Pelo exposto, decide-se declarar, ao abrigo do disposto no artigo 8º, n.º7 do RGIT, os arguidos A..., B...e C..., solidariamente responsáveis pelo pagamento da multa a que a sociedade arguida “ D..., Lda.”, foi condenada nos presentes autos, no valor de €: 2.000,00 (dois mil euros). Notifique os arguidos para procederem ao pagamento”.
* Recorrem do aludido despacho os arguidos C... (fls. 1296 – 1310) e B...(fls. 1313-1317).

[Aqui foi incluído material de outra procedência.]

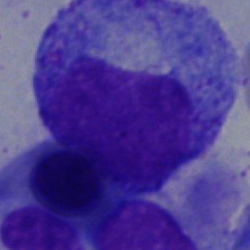
Bone marrow smear showing a progranulocyte.
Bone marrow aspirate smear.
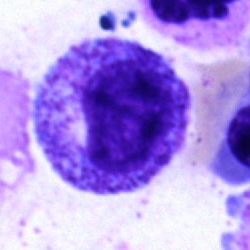The cell shown is a progranulocyte.
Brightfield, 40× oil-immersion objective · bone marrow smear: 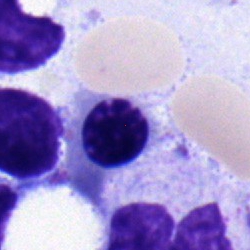

Nucleated red blood cell.
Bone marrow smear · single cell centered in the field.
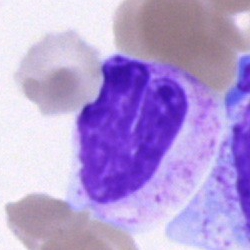

The cell type is cell of indeterminate lineage.
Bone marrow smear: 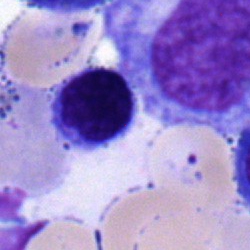

The morphological class is lymphocyte.
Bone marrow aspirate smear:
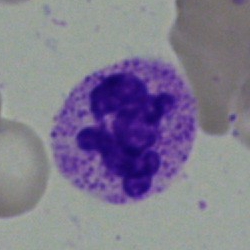
Specimen: bone marrow aspirate smear.
Morphological class: segmented neutrophil.
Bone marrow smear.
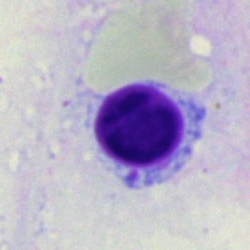
Morphology → typical lymphocyte.
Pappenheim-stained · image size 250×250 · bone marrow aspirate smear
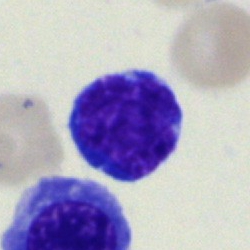Q: Which cell type is shown here?
A: It is a typical lymphocyte.
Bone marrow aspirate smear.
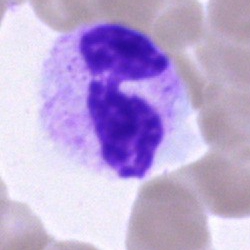Specimen: bone marrow aspirate smear.
Cell: polymorphonuclear neutrophil.
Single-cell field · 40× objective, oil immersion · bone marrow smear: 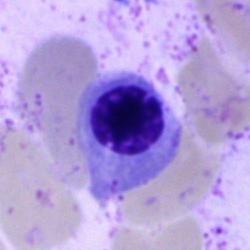 Specimen: bone marrow smear.
Cell type: nucleated red cell.
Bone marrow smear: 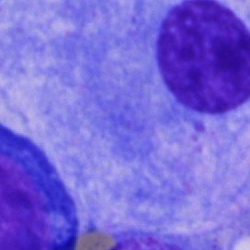

Specimen: bone marrow aspirate smear.
Cell: plasmacyte.
Lineage: lymphoid.
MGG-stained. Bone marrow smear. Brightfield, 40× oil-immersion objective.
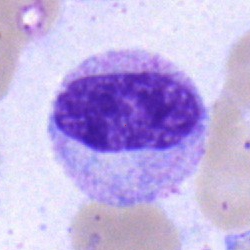 Specimen: bone marrow smear.
Morphological class: metamyelocyte.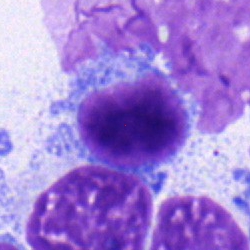 Showing a lymphocyte.
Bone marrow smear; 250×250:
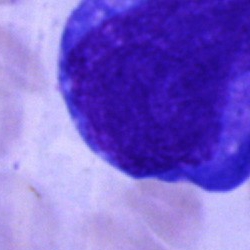 A blast cell.
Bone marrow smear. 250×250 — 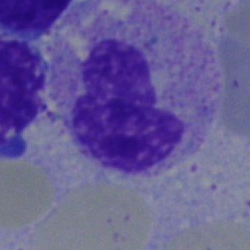
Morphology — band-form neutrophil.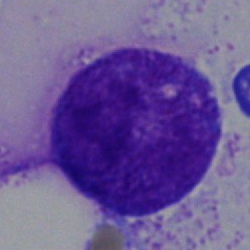Morphology consistent with a promyelocyte.
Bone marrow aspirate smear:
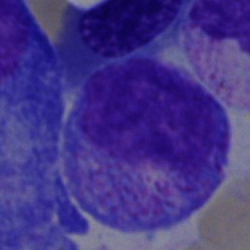 Classification = promyelocyte.
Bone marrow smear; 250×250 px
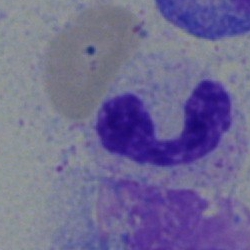
Morphological class — neutrophil (segmented).
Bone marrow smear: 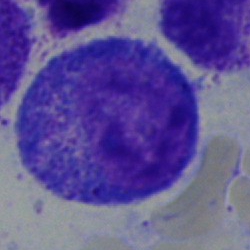

Showing a promyelocyte.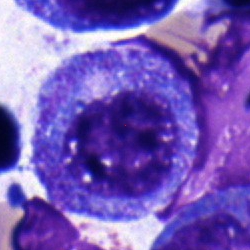 Cell type: progranulocyte.
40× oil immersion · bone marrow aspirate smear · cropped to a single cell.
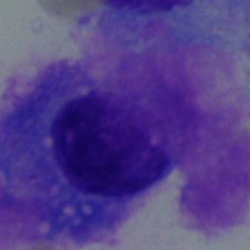 Q: What cell is this?
A: It is a plasma cell.
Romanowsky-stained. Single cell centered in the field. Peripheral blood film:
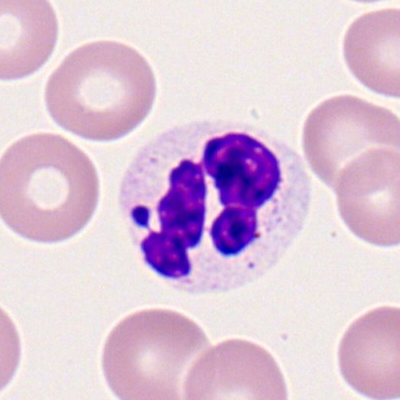
This is a segmented neutrophil.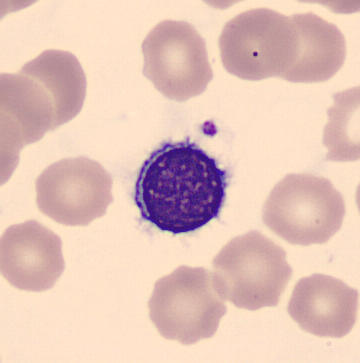

360×363 px. CellaVision DM96. Peripheral blood film.
Cell type: lymphocyte.
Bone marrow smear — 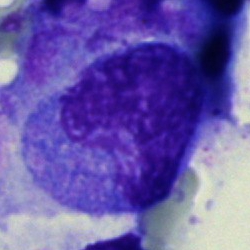
Impression → progranulocyte.
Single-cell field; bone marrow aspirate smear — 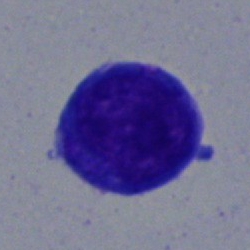

Q: Identify the cell.
A: Blast.
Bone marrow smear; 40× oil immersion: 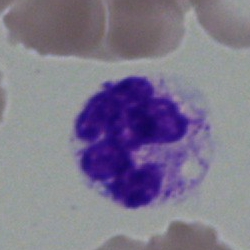Specimen: bone marrow aspirate smear.
Cell type: segmented neutrophil.
Lineage: myeloid.
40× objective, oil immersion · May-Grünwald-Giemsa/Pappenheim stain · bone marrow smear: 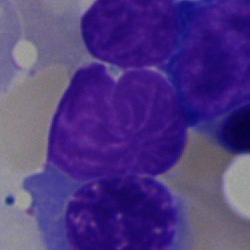 Cell type — artifact.
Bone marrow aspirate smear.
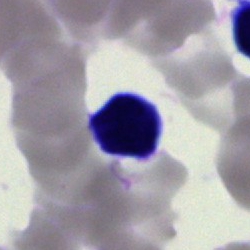

Typical lymphocyte.
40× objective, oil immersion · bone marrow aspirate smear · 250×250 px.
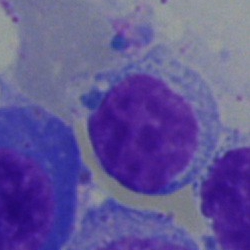
Morphology consistent with a lymphocyte.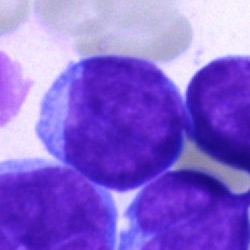Q: Which cell type is shown here?
A: It is a blast cell.
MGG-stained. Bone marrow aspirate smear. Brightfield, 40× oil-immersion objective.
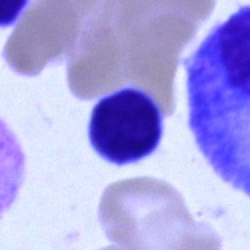

Showing a typical lymphocyte.
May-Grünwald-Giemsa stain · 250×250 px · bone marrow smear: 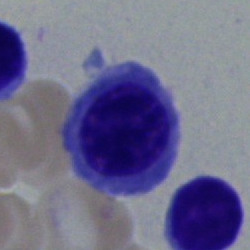Morphological class — nucleated red blood cell.
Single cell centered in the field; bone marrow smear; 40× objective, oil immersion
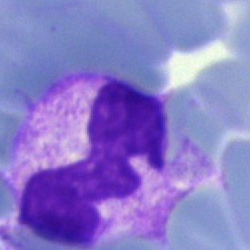

Specimen: bone marrow aspirate smear.
Classification: segmented neutrophil.
Lineage: myeloid.

* O recorrente C... formula as seguintes CONCLUSÕES (reprodução por sacanner, salvo a parte relativa à reprodução dos termos do processo): (…) 4. Antes de mais, a responsabilidade sancionatória decorrente dessa disposição esta interdita por implicar uma dupla valoração do mesmo facto para efeitos penais, a acrescer ao facto de esta segunda sanção violar os princípios da culpa, não se adequando à natureza e gravidade da infração quando praticada pelo agente a título individual.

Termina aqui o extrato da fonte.